However, the experience of the Deepwater Horizon incident, along with
the increasing tendency for exploration to be carried out in more
challenging environments, requires a reassessment of whether the
current regulatory framework and practices in Europe are
adequate.
The
communication proposes ways in which the risk of such an event
occurring in the EU can be minimised. Initially, the Commission was
minded to propose a moratorium on deep-water drilling, which we lobbied
hard against, and I am pleased that the communication leaves any
decision on the suspension of offshore drilling operations to member
states.
The
UK has a robust regulatory regime, with a clear allocation of
responsibilities for safety and environmental protection and for
responding to any incident.

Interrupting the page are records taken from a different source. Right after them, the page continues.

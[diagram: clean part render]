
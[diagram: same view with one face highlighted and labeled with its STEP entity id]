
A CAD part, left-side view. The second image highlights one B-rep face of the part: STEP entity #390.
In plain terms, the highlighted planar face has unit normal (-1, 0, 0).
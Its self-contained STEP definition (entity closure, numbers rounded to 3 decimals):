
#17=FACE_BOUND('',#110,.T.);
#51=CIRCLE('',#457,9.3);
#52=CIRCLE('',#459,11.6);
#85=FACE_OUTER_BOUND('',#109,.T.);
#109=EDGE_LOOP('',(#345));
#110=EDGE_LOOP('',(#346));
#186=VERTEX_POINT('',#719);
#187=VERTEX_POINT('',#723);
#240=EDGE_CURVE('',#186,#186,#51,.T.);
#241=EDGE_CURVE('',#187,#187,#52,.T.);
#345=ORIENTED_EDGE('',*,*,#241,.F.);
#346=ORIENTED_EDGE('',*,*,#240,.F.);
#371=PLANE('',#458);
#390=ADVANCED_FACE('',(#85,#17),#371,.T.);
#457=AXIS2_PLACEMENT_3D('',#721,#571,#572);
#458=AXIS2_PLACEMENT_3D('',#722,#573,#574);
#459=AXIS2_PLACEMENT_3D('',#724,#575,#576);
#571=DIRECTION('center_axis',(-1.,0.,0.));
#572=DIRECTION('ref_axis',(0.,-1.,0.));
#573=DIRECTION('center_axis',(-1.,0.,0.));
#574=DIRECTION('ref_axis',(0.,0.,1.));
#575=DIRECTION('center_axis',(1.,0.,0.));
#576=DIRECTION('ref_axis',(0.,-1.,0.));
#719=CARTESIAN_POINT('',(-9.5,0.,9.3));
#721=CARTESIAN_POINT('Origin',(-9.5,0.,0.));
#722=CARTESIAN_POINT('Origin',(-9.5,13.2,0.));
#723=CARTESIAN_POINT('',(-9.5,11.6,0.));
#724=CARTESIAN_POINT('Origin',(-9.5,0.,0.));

The UK is one of the first areas worldwide
in which offshore exploration and production took off, and we now have
over four decades of experience. More than 10,000 wells have been
drilled in UK waters, including more than 300 in water depths of over
300 metres. Our regulatory system has been developed to meet the
evolving challenges. In particular, following the Piper Alpha disaster,
safety regulation was brought under the Health and Safety Executive
umbrella, to get the benefit of its expertise in regulating major
hazards.
The
UK’s high standards have been acknowledged by both the Select
Committee on Energy and Climate Change in its report on the
implications of the gulf of Mexico oil spill and in the report of the
US national commission on the BP Deepwater Horizon oil spill and
offshore drilling, where it is recommended that the US safety
regulations be expanded to be at least as stringent as those in the UK.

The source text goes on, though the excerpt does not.